#### EXERCISE PROMPT:
Lines in the following data that contain the string "གདགས" are to be counted. Report only their number.

#### DATA:
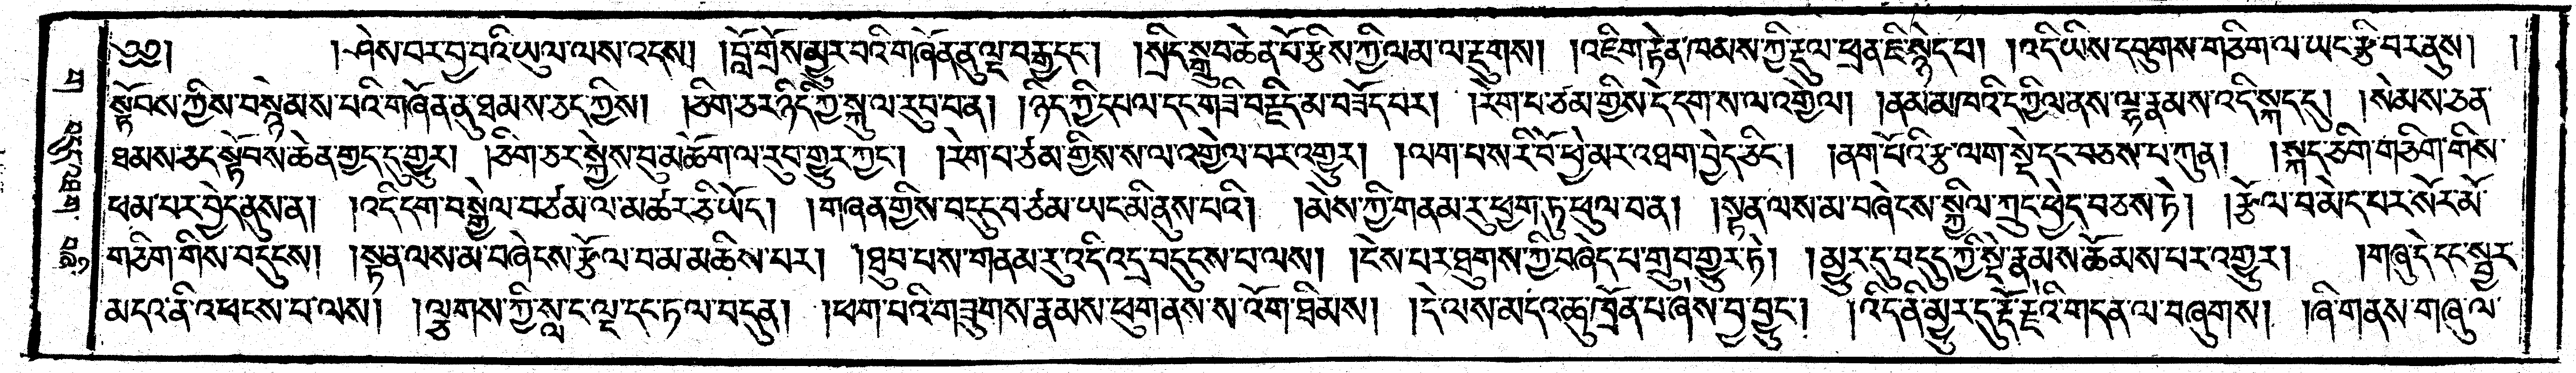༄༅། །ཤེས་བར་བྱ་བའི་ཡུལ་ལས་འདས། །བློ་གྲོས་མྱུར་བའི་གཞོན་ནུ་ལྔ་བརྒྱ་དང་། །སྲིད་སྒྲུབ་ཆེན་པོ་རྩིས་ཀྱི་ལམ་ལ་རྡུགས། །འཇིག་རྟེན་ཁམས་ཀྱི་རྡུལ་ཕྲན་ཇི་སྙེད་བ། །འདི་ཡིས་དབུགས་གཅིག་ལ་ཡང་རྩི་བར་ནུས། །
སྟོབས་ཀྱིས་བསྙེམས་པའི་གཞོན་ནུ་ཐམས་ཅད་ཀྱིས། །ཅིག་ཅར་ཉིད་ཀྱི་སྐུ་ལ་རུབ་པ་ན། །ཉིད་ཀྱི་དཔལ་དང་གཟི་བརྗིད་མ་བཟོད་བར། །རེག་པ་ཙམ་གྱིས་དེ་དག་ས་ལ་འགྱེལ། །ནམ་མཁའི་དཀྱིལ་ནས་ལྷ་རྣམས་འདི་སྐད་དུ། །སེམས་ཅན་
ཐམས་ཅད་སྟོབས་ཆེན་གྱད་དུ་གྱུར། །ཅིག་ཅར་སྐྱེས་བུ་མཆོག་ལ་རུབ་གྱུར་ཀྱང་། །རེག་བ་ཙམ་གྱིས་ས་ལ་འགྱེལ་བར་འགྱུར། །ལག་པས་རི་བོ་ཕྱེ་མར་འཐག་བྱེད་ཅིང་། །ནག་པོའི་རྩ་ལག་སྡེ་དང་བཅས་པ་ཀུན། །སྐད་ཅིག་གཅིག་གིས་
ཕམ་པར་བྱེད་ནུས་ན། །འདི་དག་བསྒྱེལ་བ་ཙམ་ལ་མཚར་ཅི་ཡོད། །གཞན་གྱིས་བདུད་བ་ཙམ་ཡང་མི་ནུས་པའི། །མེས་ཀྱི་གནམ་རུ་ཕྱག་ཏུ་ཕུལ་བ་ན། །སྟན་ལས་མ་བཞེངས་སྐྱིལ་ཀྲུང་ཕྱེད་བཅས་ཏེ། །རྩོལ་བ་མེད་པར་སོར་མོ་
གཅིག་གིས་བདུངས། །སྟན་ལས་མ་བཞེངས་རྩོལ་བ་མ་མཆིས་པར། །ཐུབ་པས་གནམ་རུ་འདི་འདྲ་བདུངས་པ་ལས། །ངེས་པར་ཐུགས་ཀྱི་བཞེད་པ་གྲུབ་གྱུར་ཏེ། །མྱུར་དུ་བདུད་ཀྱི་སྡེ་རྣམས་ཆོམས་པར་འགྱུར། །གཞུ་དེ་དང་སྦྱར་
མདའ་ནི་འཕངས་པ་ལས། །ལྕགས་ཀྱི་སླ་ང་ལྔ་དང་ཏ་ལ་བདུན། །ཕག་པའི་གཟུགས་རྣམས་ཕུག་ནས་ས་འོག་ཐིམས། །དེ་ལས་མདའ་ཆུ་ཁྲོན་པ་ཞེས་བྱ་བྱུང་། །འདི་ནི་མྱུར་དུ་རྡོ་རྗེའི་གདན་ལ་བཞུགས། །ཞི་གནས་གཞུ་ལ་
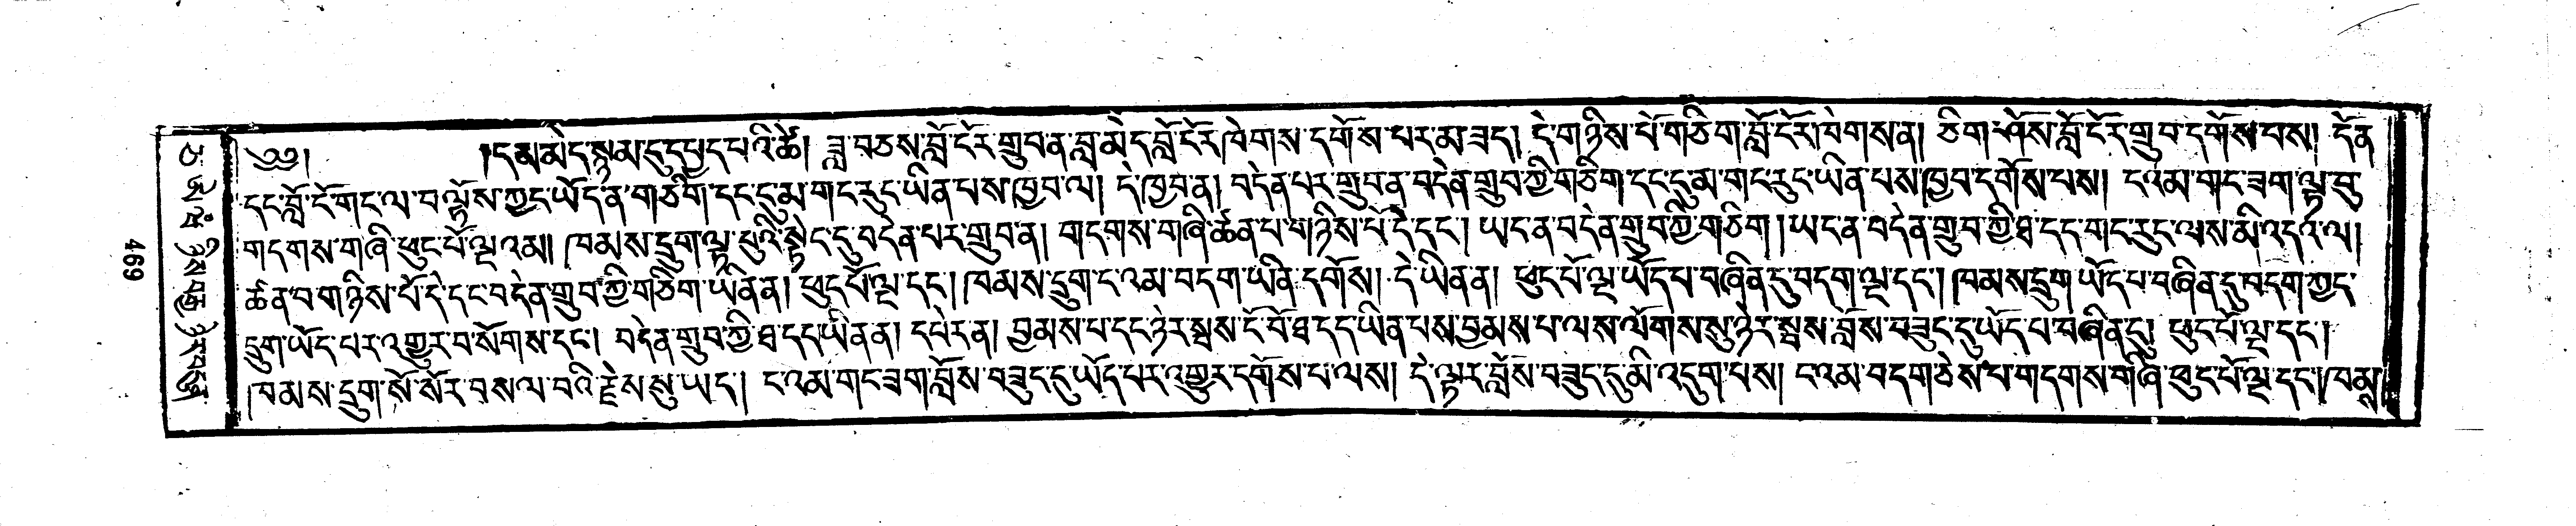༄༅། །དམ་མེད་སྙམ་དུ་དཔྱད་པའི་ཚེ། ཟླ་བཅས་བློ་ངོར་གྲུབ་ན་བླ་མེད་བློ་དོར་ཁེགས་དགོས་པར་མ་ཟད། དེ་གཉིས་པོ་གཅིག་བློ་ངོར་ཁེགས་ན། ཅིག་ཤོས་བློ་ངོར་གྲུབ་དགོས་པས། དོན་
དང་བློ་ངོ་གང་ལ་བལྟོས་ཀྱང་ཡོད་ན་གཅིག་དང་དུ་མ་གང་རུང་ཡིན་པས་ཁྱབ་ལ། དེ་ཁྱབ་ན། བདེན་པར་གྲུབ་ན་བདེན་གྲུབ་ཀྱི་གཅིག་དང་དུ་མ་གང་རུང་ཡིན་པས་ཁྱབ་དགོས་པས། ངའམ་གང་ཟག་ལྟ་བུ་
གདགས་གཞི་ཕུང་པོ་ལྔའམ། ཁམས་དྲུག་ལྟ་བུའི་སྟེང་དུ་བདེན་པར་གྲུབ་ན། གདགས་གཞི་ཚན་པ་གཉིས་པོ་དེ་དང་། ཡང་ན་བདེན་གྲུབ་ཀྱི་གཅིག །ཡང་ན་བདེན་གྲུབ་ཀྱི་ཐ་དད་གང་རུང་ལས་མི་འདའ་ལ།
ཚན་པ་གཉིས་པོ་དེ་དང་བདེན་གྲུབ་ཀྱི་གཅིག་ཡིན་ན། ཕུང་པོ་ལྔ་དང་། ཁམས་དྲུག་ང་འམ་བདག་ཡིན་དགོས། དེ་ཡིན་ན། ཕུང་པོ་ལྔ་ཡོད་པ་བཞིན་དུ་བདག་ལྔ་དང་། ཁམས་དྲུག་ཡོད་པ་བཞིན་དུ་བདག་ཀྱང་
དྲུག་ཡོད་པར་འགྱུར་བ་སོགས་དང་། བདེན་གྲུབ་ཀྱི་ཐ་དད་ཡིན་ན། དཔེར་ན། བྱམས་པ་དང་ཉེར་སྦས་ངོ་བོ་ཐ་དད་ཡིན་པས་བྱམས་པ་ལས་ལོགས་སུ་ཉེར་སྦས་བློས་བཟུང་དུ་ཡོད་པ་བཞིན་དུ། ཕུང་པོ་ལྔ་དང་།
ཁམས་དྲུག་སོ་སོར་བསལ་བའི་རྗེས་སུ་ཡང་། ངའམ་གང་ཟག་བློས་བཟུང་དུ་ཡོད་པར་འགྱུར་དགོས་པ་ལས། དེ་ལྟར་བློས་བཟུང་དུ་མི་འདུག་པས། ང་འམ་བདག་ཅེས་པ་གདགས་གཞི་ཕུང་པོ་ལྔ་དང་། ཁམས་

#### SOLUTION TO THIS TASK:
2